Records supplied:
########################################
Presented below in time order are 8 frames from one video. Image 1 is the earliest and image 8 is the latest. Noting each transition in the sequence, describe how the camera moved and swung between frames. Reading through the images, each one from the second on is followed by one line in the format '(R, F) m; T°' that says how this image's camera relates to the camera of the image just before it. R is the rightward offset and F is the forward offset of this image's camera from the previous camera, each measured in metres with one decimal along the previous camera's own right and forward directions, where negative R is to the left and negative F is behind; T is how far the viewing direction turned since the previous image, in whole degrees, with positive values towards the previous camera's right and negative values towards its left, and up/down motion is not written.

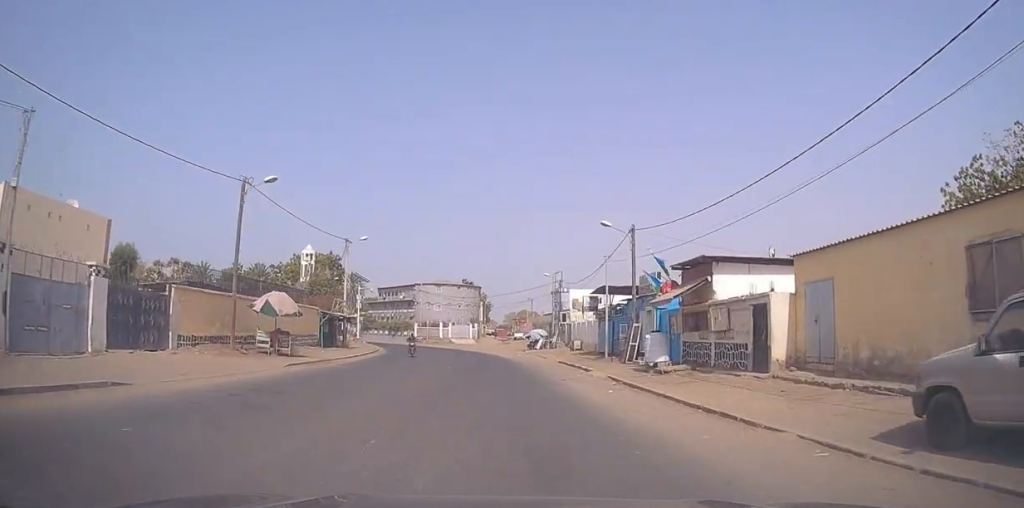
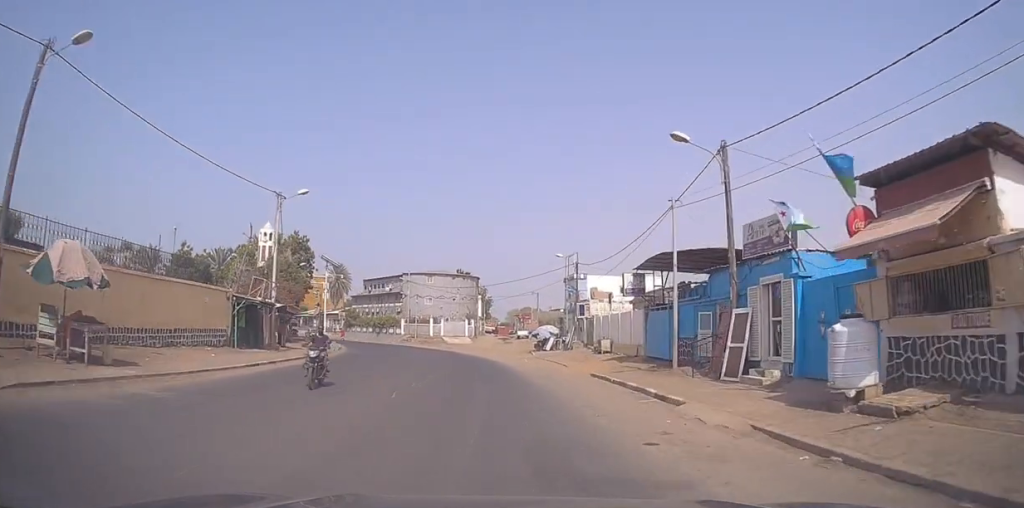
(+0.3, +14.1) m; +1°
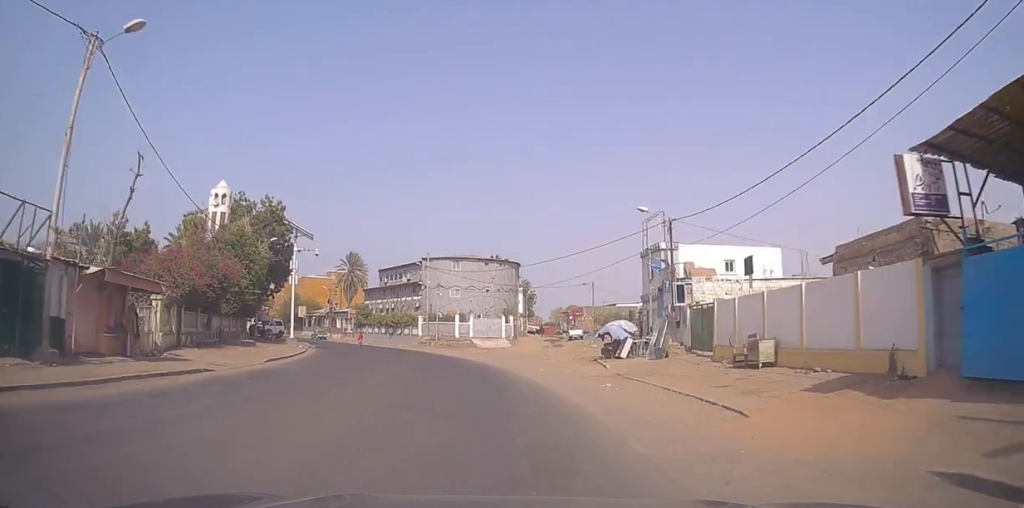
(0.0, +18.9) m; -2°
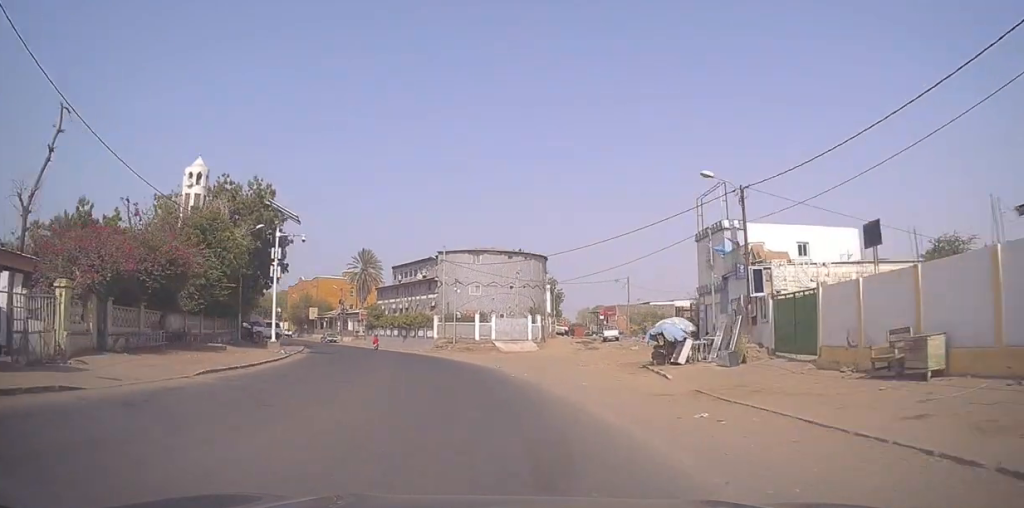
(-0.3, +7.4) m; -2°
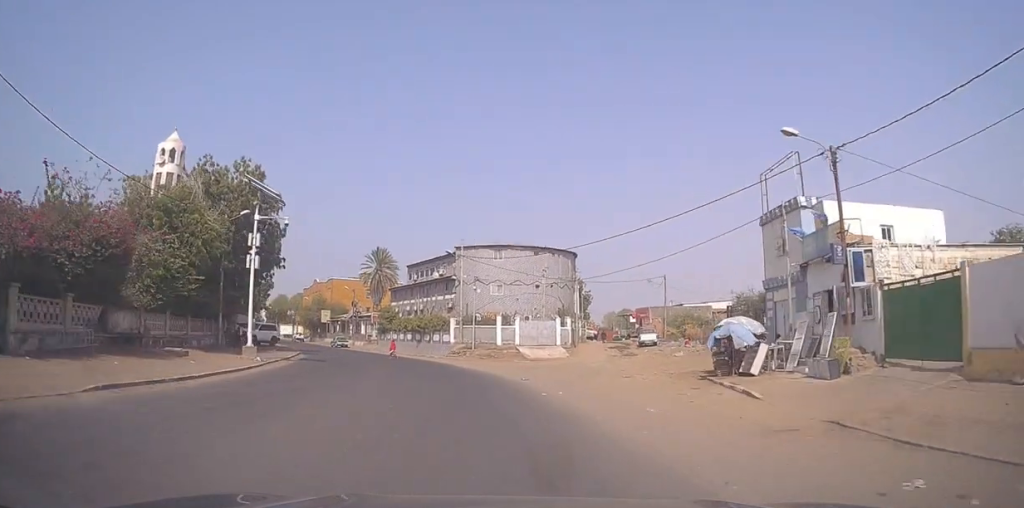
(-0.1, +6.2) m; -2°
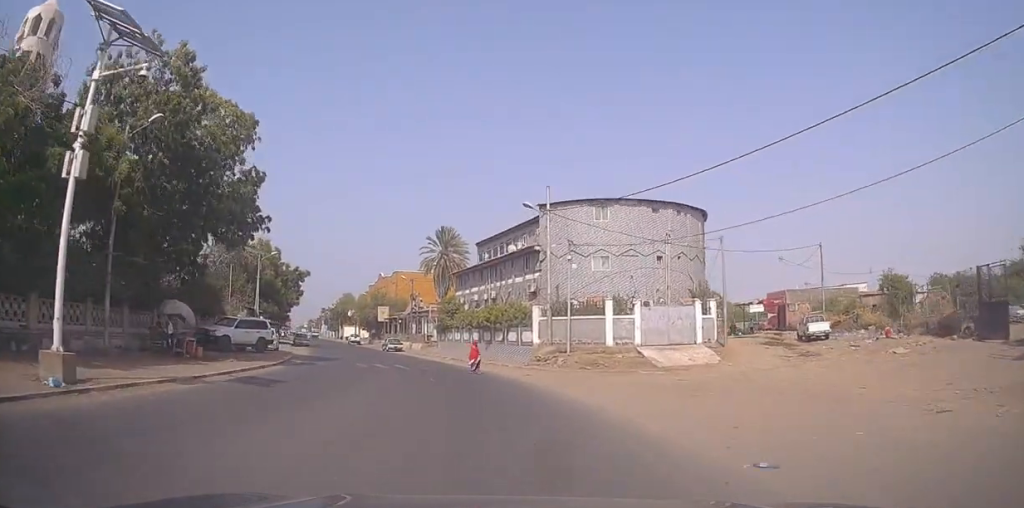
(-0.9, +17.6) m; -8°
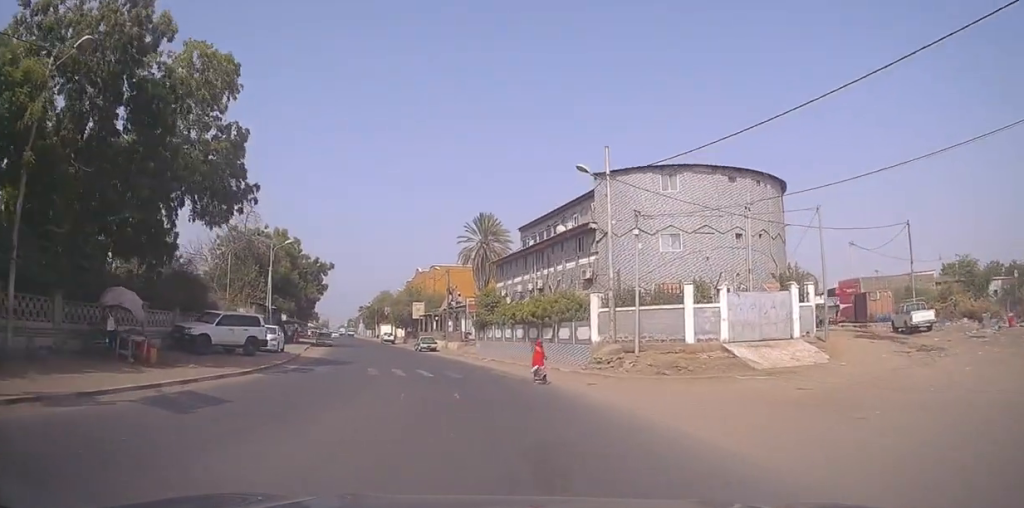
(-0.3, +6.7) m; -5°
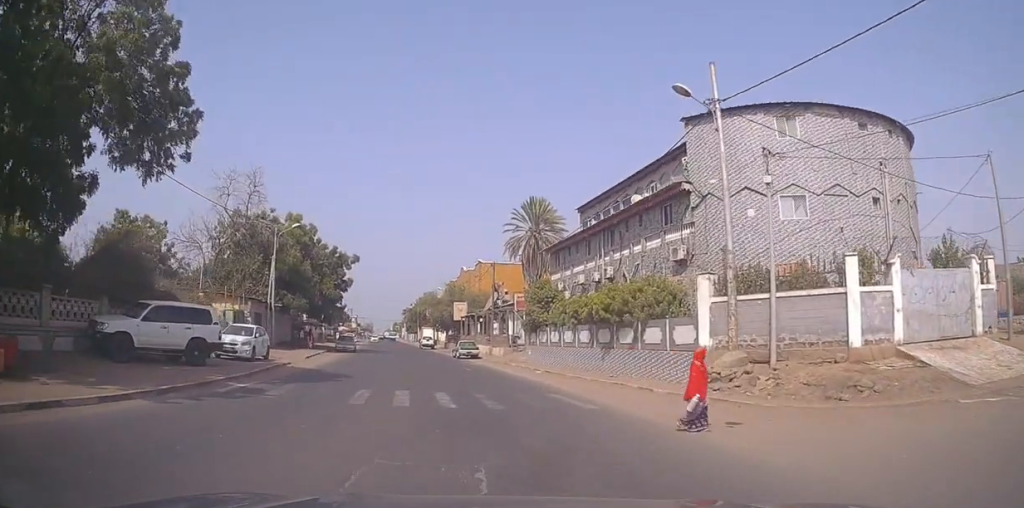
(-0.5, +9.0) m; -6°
########################################
Work item: If a line holds an image, leave the image out; retype everything else in the entries exactly.

Result of this exercise:
Presented below in time order are 8 frames from one video. Image 1 is the earliest and image 8 is the latest. Noting each transition in the sequence, describe how the camera moved and swung between frames. Reading through the images, each one from the second on is followed by one line in the format '(R, F) m; T°' that says how this image's camera relates to the camera of the image just before it. R is the rightward offset and F is the forward offset of this image's camera from the previous camera, each measured in metres with one decimal along the previous camera's own right and forward directions, where negative R is to the left and negative F is behind; T is how far the viewing direction turned since the previous image, in whole degrees, with positive values towards the previous camera's right and negative values towards its left, and up/down motion is not written.

(+0.3, +14.1) m; +1°
(0.0, +18.9) m; -2°
(-0.3, +7.4) m; -2°
(-0.1, +6.2) m; -2°
(-0.9, +17.6) m; -8°
(-0.3, +6.7) m; -5°
(-0.5, +9.0) m; -6°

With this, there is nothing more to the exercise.